It is important to keep in mind that the United States is emerging from economic recession with a low rate of growth. However, for 2015, the U.S. Census Bureau reports an overall poverty rate of 13.5% (or approximately 43.1M people), down 1.3% from 2014. Females (heads of household), blacks, Hispanics, and children have the highest poverty rates. However, all four of those groups experienced the largest reductions in poverty rates from 2014 to 2015 (Proctor, Semega, & Kollar, 2016).

 

Standard of Living

The Economic Policy Institute is a labor-union-supported think tank focused on policy that affects lower and moderate income workers. It asserts that policies are to blame for income and wealth inequality. It claims that for the past three decades, the economy was strong enough to support wage growth for low and moderate income workers, but most of the real gain went to the wealthiest one percent of Americans.

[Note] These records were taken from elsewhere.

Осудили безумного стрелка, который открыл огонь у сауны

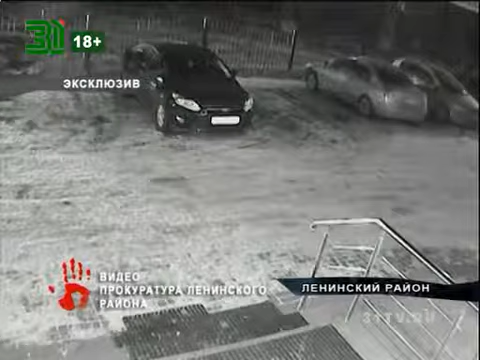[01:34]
Это кадры с камеры наблюдения. Автомобиль врезался в иномарку и протаранил забор.
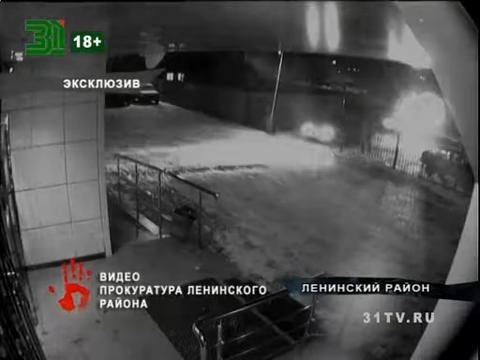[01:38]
Уже позже выяснилось. За рулем находился Карась, который пытался скрыться от изверевшего Финка. Он вооружился обрезом ружья, приехал и стал производить выстрелы. То есть изначально он произвел выстрел, подвижившийся по территории сауны автомашины,
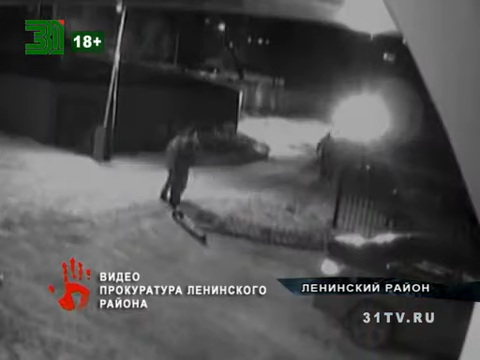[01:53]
в которой находились посетители, то есть вообще посторонние люди. Затем началась паника.
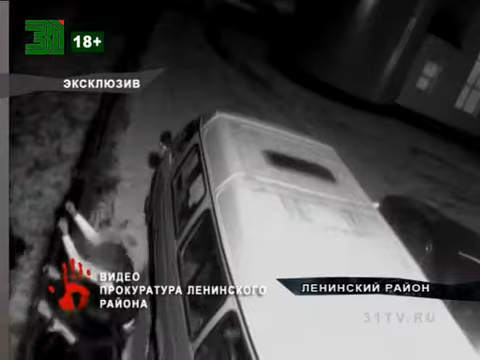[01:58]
Часть людей пыталась укрыться за зданием сауны, а часть людей перелезли через ограждение и скрылись.
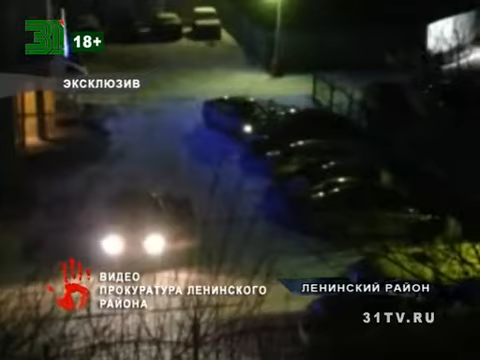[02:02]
Друг Карася в панике забрался в машину его будущего убийцы, где сидела подруга подсудимого.
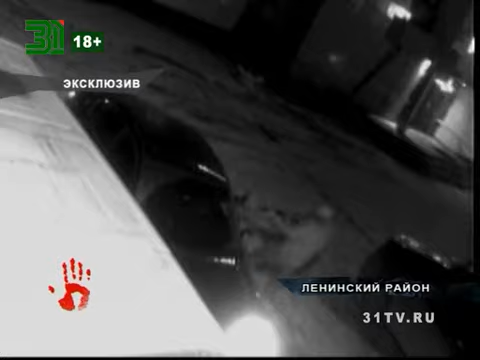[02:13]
На этих кадрах видно, как Финк расстреливает молодого человека, потом достает его из авто и наносит еще несколько ударов прикладом. Парень скончался на месте. После происшествия убийца сам явился в отдел полиции, признался в преступлении и даже предоставил обрез. Суд это учел, но не согласился с версией обвиняемого о самозащите.
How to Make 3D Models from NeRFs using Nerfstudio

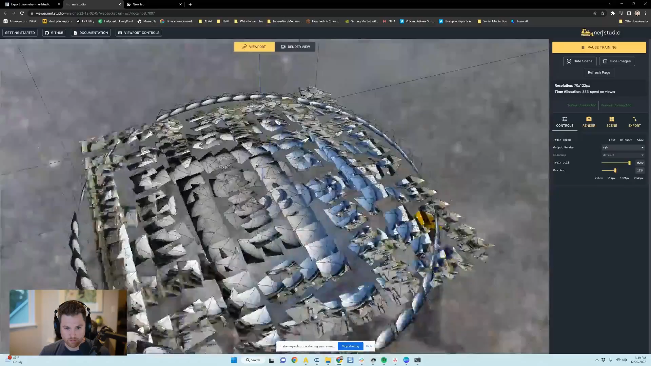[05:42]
And so as you can see, this is a great data set for making a 3d model with photogrammetry. It's got this crisscross pattern and then it's got an orbit to get kind of the sides of the structure.
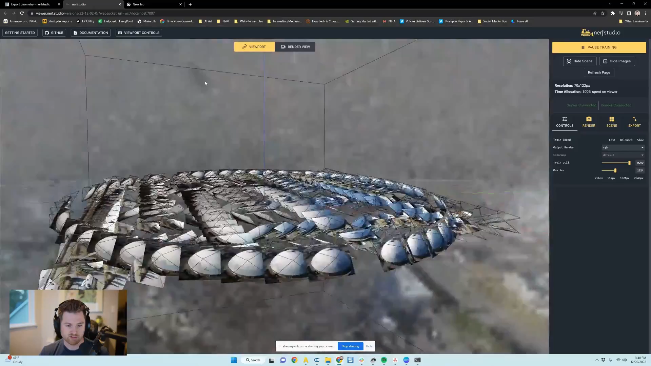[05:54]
This is kind of like a standard mapping flight plan that you'd have.
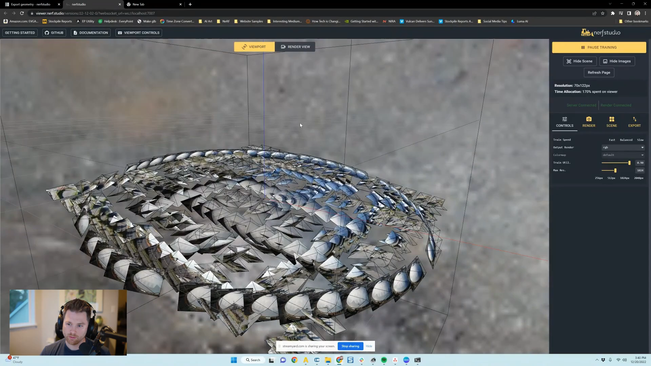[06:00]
And so I'm in here and I don't care about rendering a video. I want to get the 3d data. So this has been training for a while. If I go back and I look at this, it'll tell me, okay, I'm at 69, almost 70%.
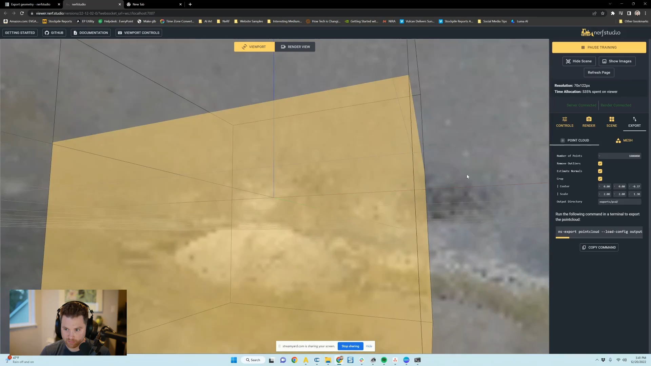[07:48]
And, um, again, it's hard to see it, but it looks like it's in there little tip. If you go to controls,
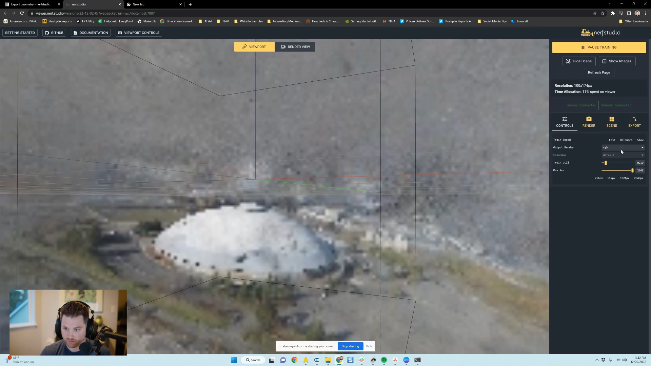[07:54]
we can make this like slow and look a little better when you're not moving around, but okay. So now we got that export.
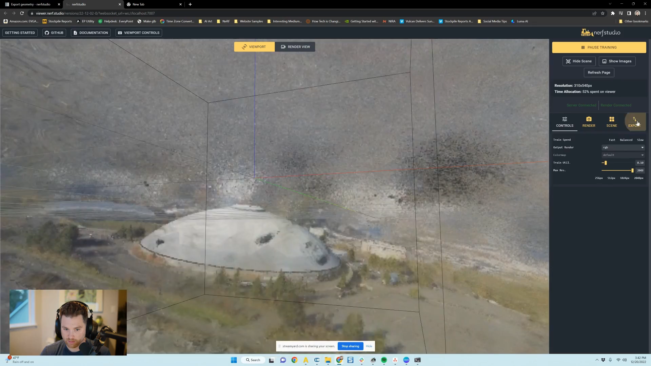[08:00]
I think it's all captured. And again, we, I made the Z scale smaller,
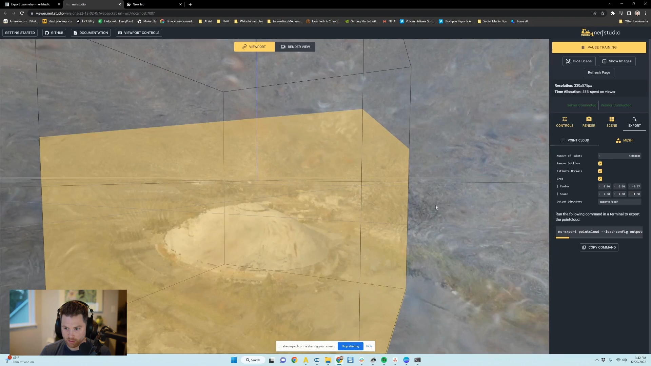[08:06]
the, the X and Y will make the box more of a rectangle versus a square.
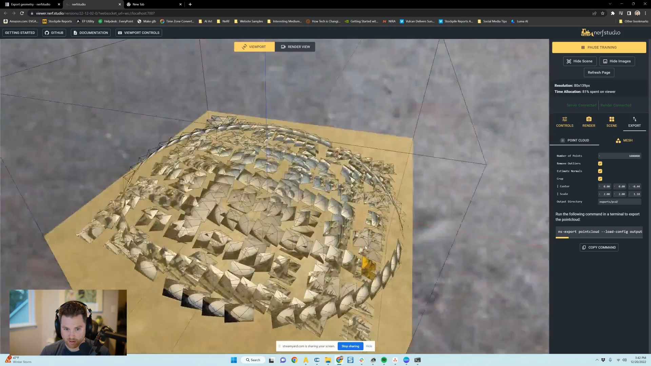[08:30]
I'm happy with that. So it's not going to render anything or try to make a point. So I think anything above that, and I'm just showing you guys how to do this, uh, but not being perfect. It tells you the directory is going to be in. So it's the exports PCD folder. Um, and then you have this command and it's going to copy this command and I'm going to open up notepad plus plus, you can open any sort of note editor. I'm going to create a new note and I'm just going to paste that in there. And that's where it's going to give you like those variables I just put in.
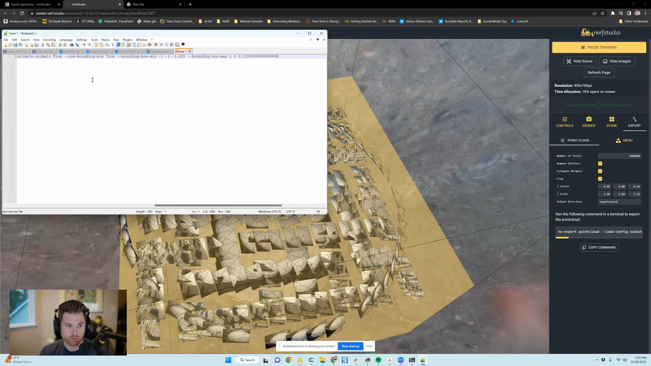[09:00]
So estimate normal is true and all those things, number of points. Um, and then, uh, I don't know where it calls the name of this. So it just might already pick that for you.
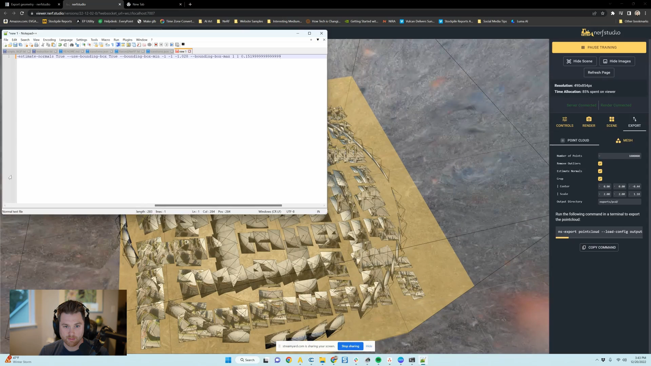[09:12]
So I'm not going to actually run this yet. I'm just going to leave that there. And I know that's for a point clouds and I'm going to make a new one for mesh. So for mesh, stick with, they say the best person. It's the best meshing they have normal options. You should have the normals. We already told it to start training those normals with the way I show you how to kick this off. Number of faces and the text resolution, number of points, a million points. I'm just going to leave this all defaults because we're just trying to see how this works. Remove outliers crop. That's all perfect.
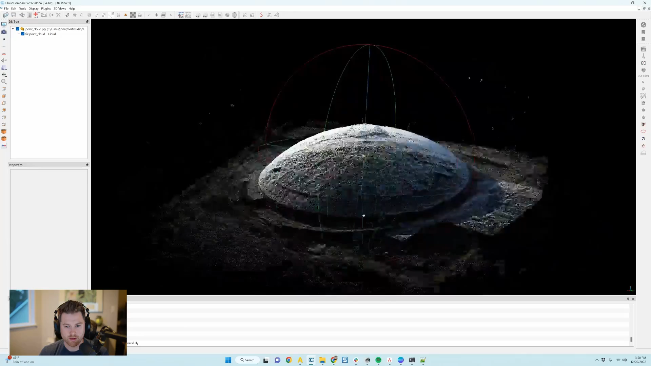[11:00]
So here's the point cloud has been cropped out of that box and you see there's a little bit of outlier still on floating on the top. I didn't constrict that all the way down and there you go.
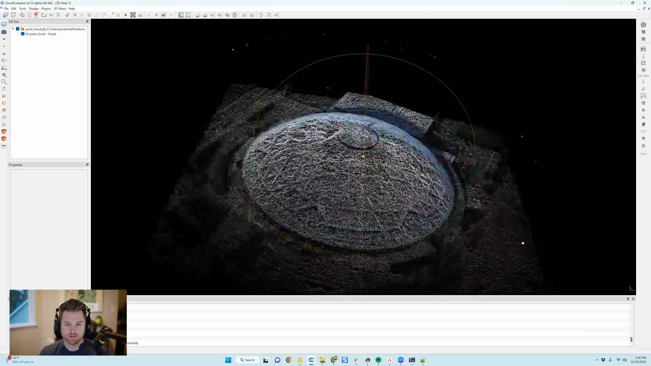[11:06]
It's a point cloud. It's not perfect looking, but wow, that was easy.
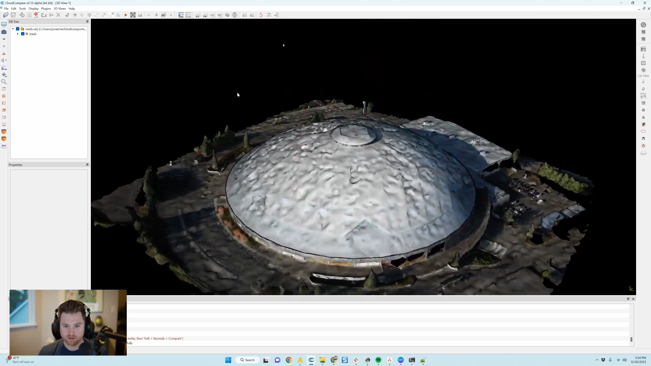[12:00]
So it's, it's, it's not perfect at all. Um, but Hey, it's a mesh.
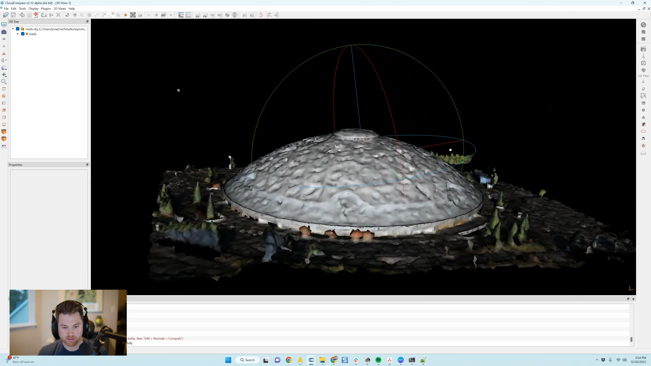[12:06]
And again, I did tell it to decimate it quite a bit. I click in here, I can turn off the normals and hides a lot of that geometry. So that's, that's an interesting thing. So this, this looks a whole lot better as to show that off.
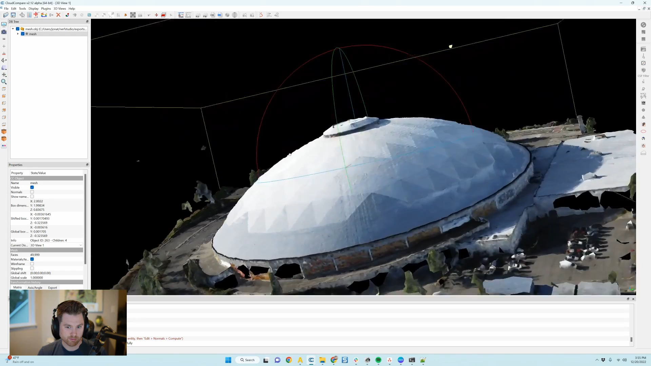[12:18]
But in reality, if I show the normals, which kind of shows your shading and everything, the top is not smooth.
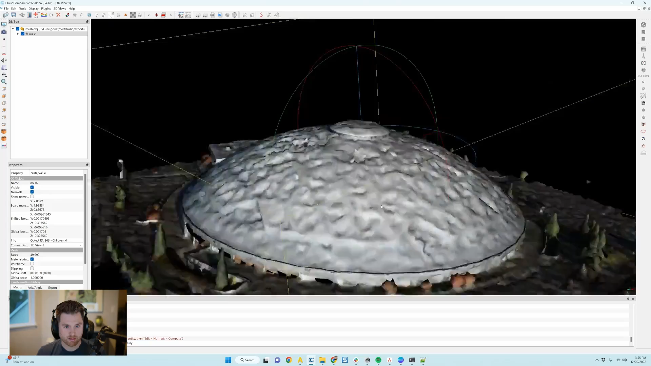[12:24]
And if anyone's been to this structure, they know that's not how it's shaped.
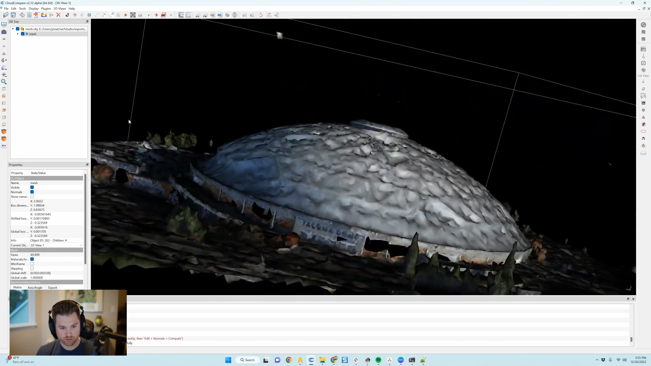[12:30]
In fact, it looks like there's a big chunk taken out over here. So, uh, very interesting.
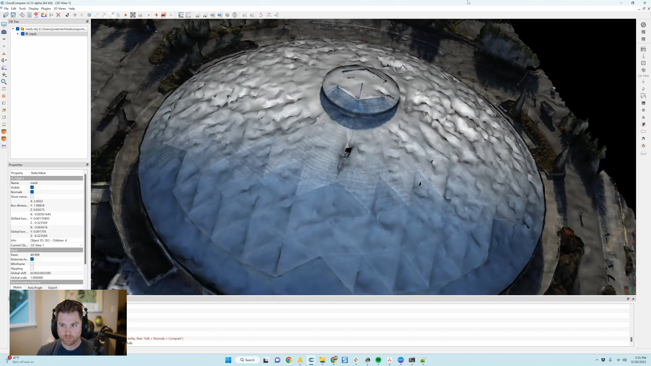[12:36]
Um, well, I'm just going to take a look at the other full, uh, Poisson mesh PLY as well.
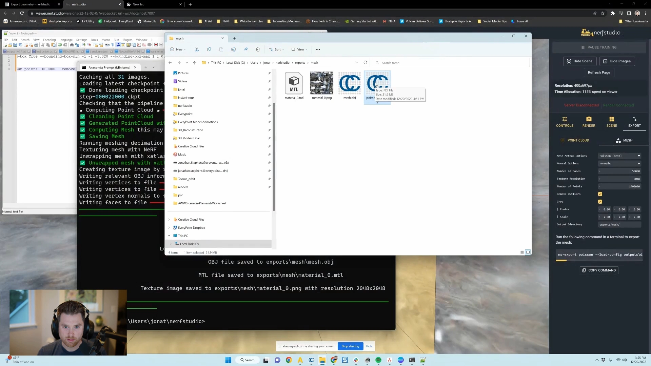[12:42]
So again, I don't think this one's been optimized. Uh, let's see here. It's got its normals.
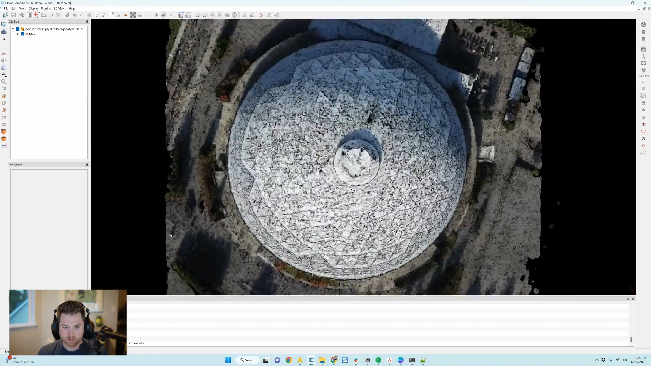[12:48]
Okay. Yeah. This looks like a much bigger file. So this one hasn't been, um, turned into a, uh, more optimized mesh with less triangles.
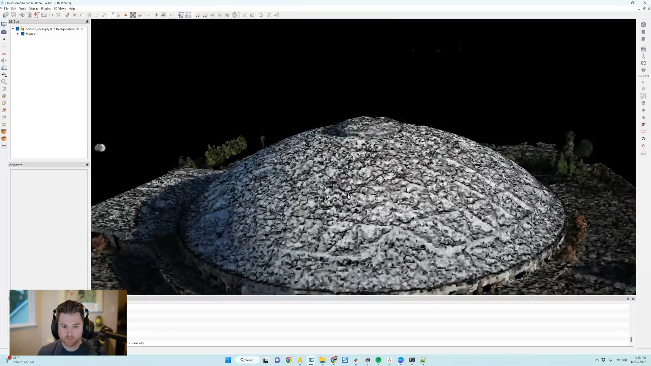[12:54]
And again, it happens if I turn off the normals, it hides everything.
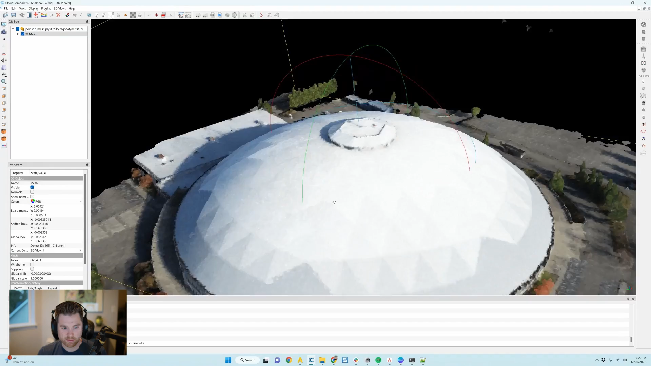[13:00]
But again, we know that's, that's not what it's supposed to look like. Okay. So that's how you make a mesh and a point cloud using nerf studio.
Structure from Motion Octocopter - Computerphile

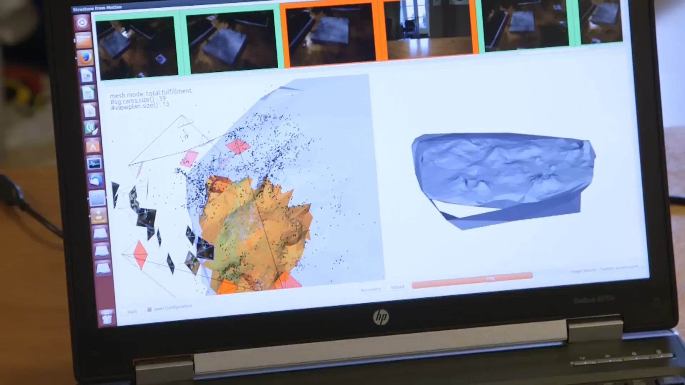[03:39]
Normally you can then just click start and then it would go around and move and take these images for you.
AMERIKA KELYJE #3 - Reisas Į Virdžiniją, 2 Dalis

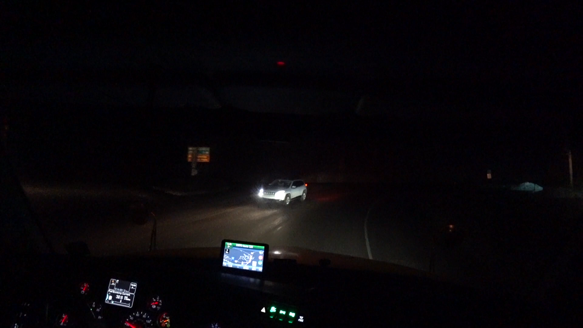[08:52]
Tik tai kad čia jo yra tiesiog. Dar kažkoks posūkis, šito posūkio turėtų būti kažkur.
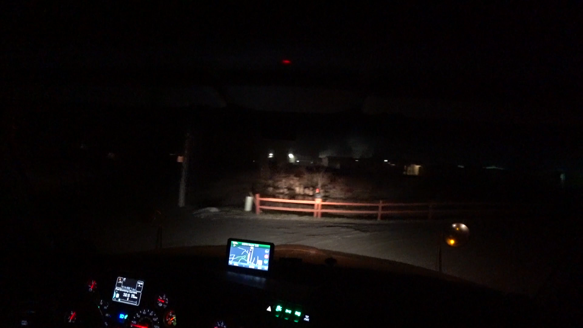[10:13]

The Institute estimates that for the middle three-fifths of Americans, a median income of $76,443 would have been $94,310 in 2007 had there not been growth in income inequality. The Institute also estimates that between 1948 and 1973, productivity increased by 96.7% and hourly wages increased 91.3%. But, between 1973 and 2013, productivity increased 74.4% and hourly wages only increased 9.2% (Mishel, Gould, & Bivens, 2015). A Pew Research Center estimate clearly illustrates the problem with the standard of living in the new economy. Between 1964 and 2014, when adjusted for purchasing power, the median wage for private sector production and nonmanagement workers (excluding farm workers) grew by only $1.49 (Desilver, 2014).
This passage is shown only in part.